遠山康光
From Wikipedia, the free encyclopedia
遠山綱景の弟とするのが通説であるが、浅倉直美は、名乗りや活動時期から兄とされる綱景と20歳近くの年齢差が想定されることや『小田原衆所領役帳』で遠山一族は綱景が筆頭を務めている江戸衆に属するのに、康光だけが小田原衆に属して相模国中郡に所領を与えられていることから、元来は遠山一族ではなく娘婿など婚姻関係によって遠山の家名を与えられた可能性を指摘している[1]。
北条氏康より「康」の偏諱を与えられ、近臣に取り立てられた。甲相駿三国同盟が破綻すると、すでに家督を譲っていたにもかかわらず氏康の主導により上杉氏との交渉が始まり、康光はその外交取次として活躍、越相同盟が成立したが、同盟が上手く機能することはなかった。
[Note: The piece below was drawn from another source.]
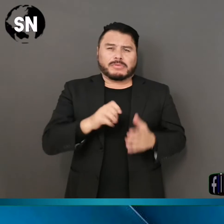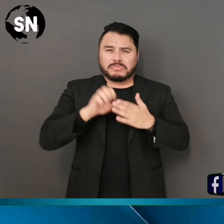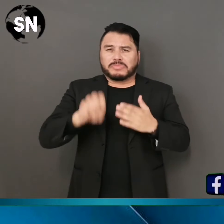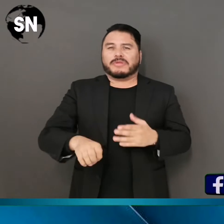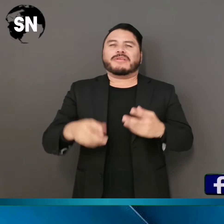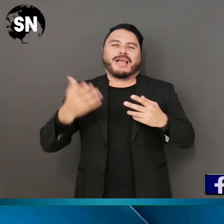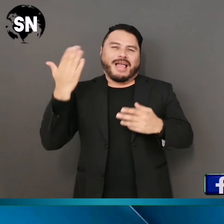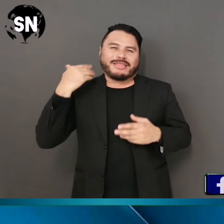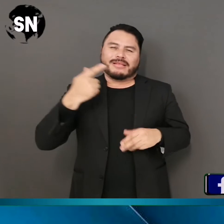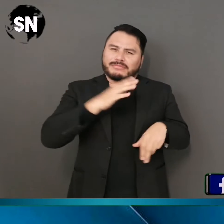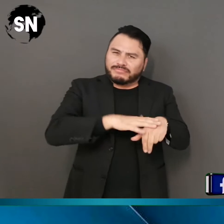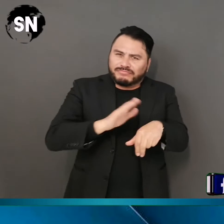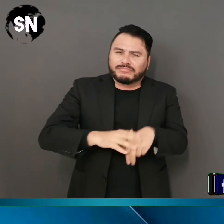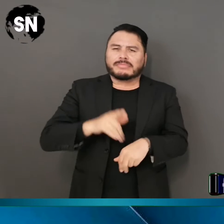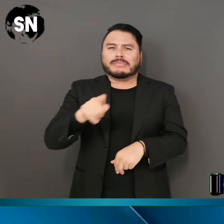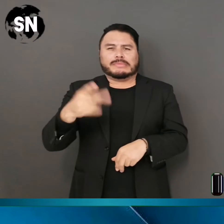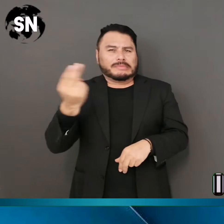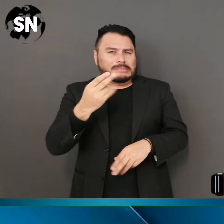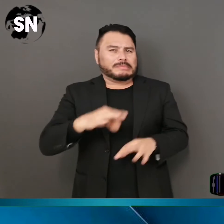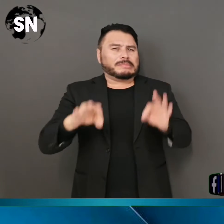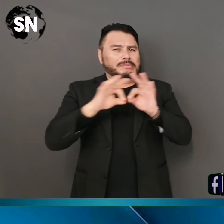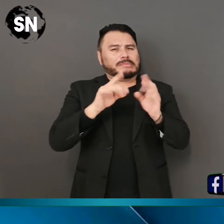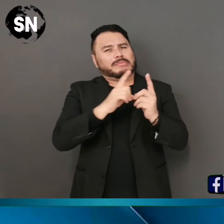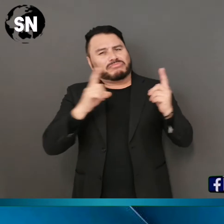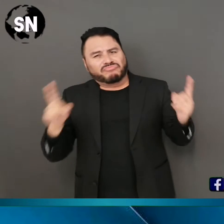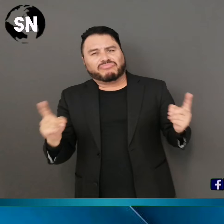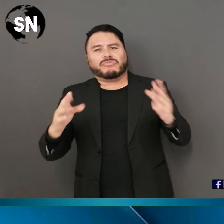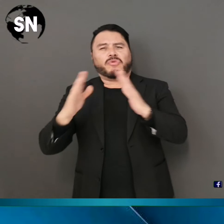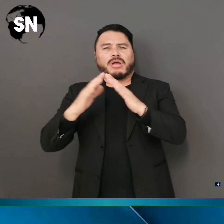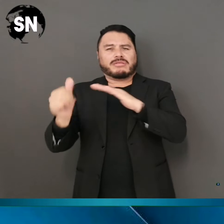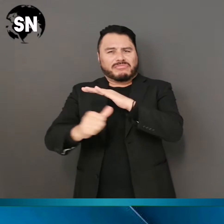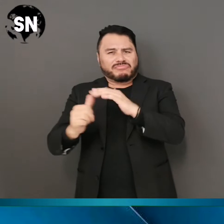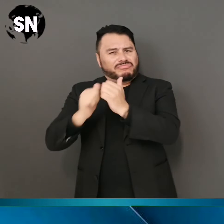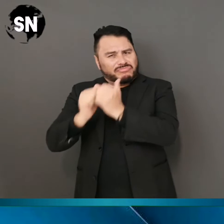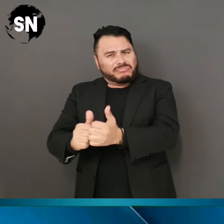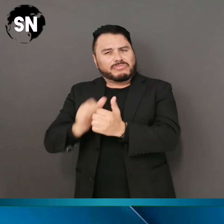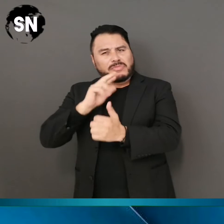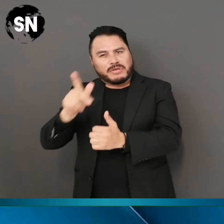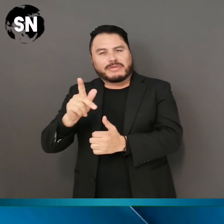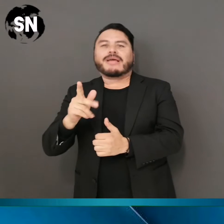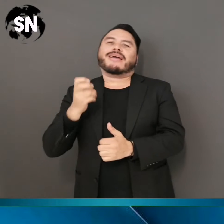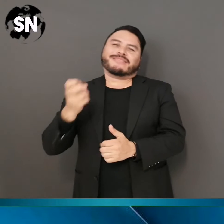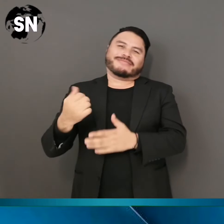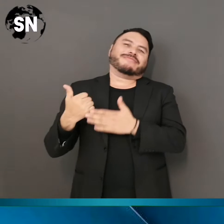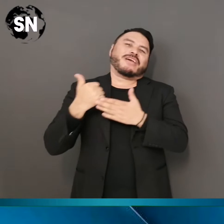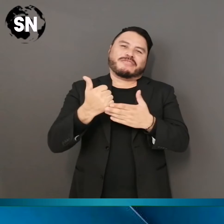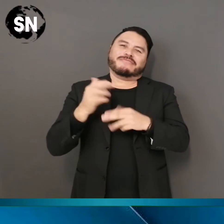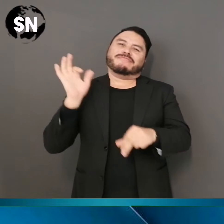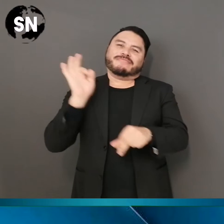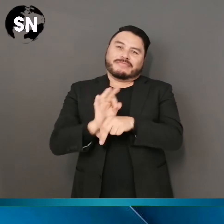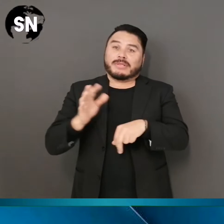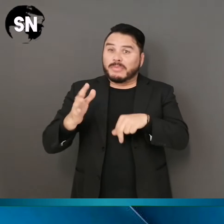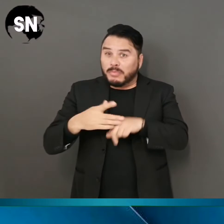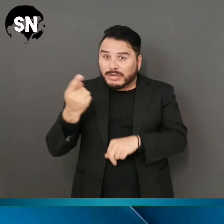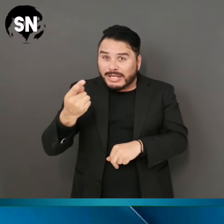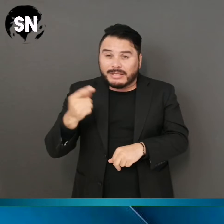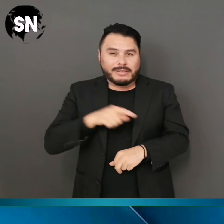manifestó que sin las intervenciones de sana distancia, en el país habríamos tenido muchos más casos en una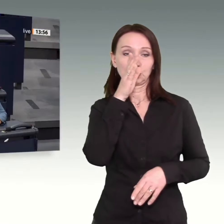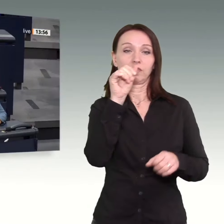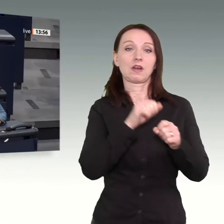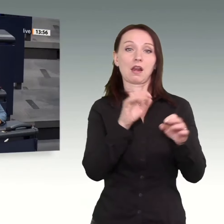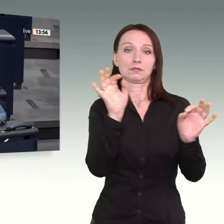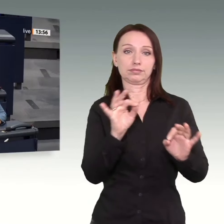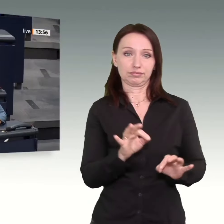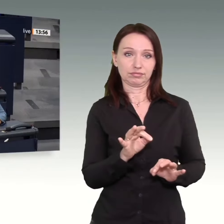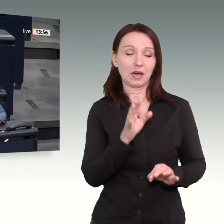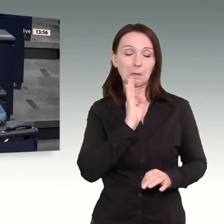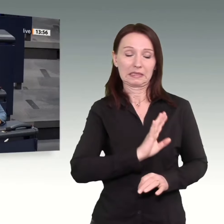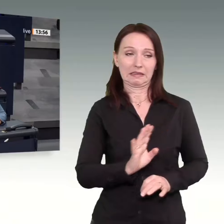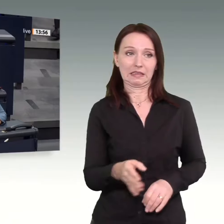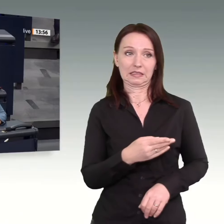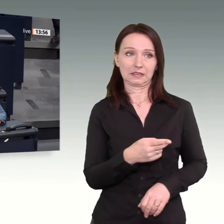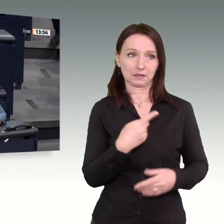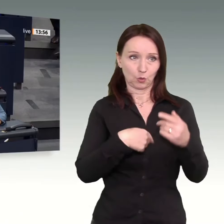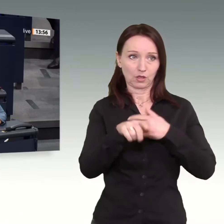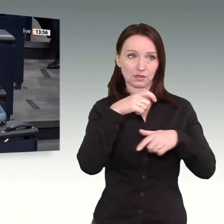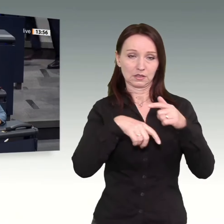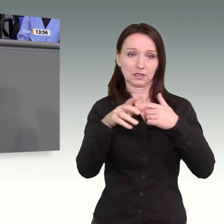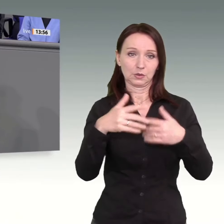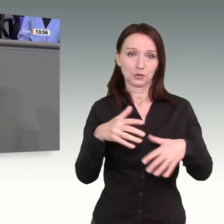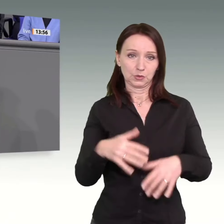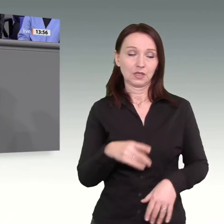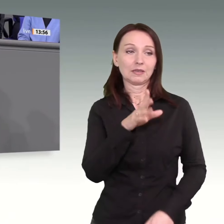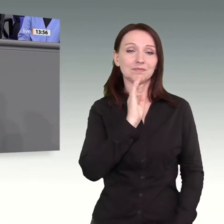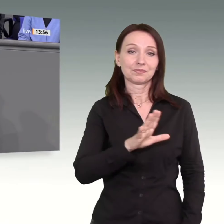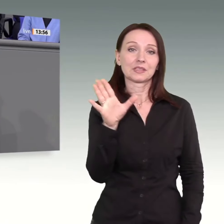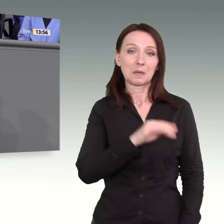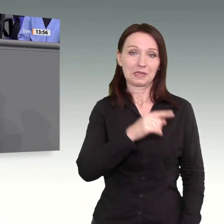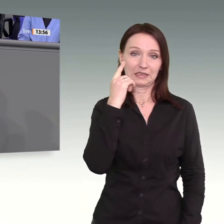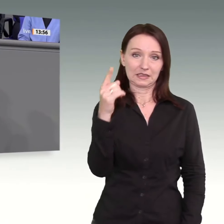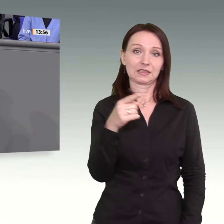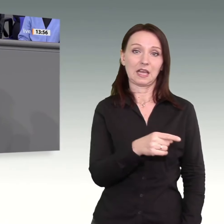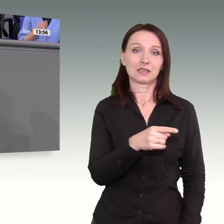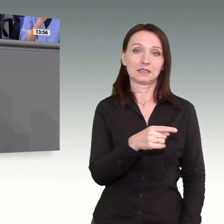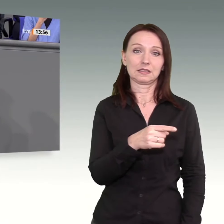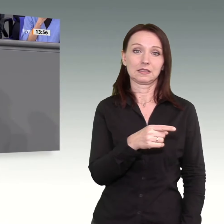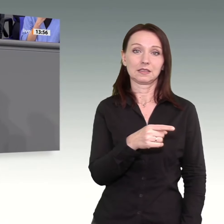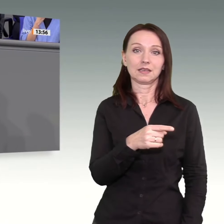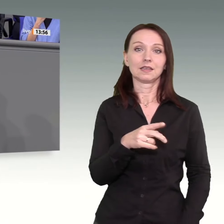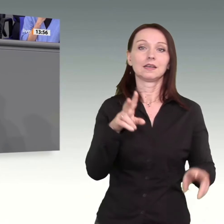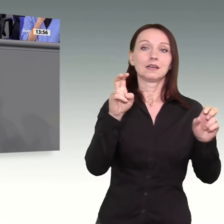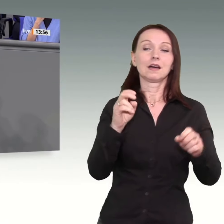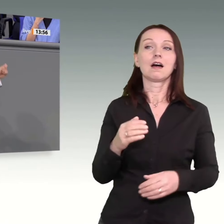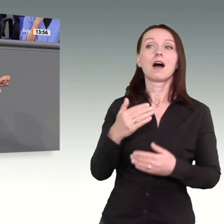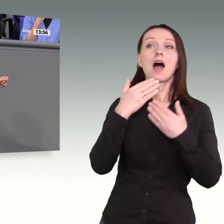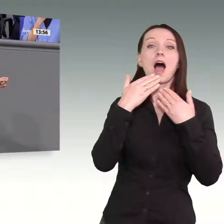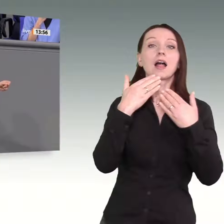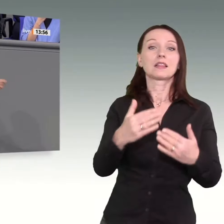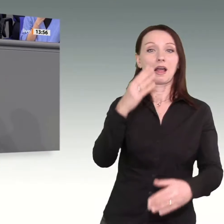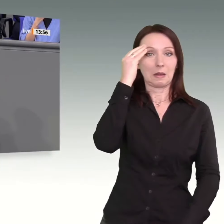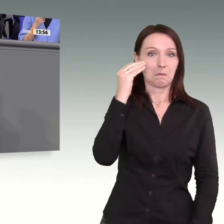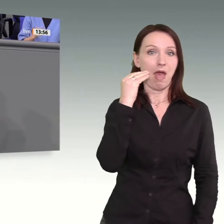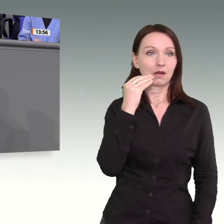in diesem Land sitzen. Denken Sie daran, dass genauso schnell wie aus Danke Merkel, Danke Ampel

元亀2年(1571年)10月に氏康が病死すると、元々武田氏との敵対に反対であった北条氏政は同盟を破棄した。取次であった康光は責任を取らされて失脚し、人質として送られていた北条三郎の元へ退転した。北条三郎は名を上杉景虎と改め、上杉謙信の後継者候補となる。康光は側近として景虎を支え、御館の乱が勃発した際には後北条氏の援軍を呼び寄せ戦おうとするが、冬が近づいてきたこともあり、北条勢は撤退した。景虎らは後北条氏を頼って小田原城に逃れようとしたが、鮫ヶ尾城主堀江宗親の謀反に遭い、景虎は自害、康光も後を追い自害して果てた。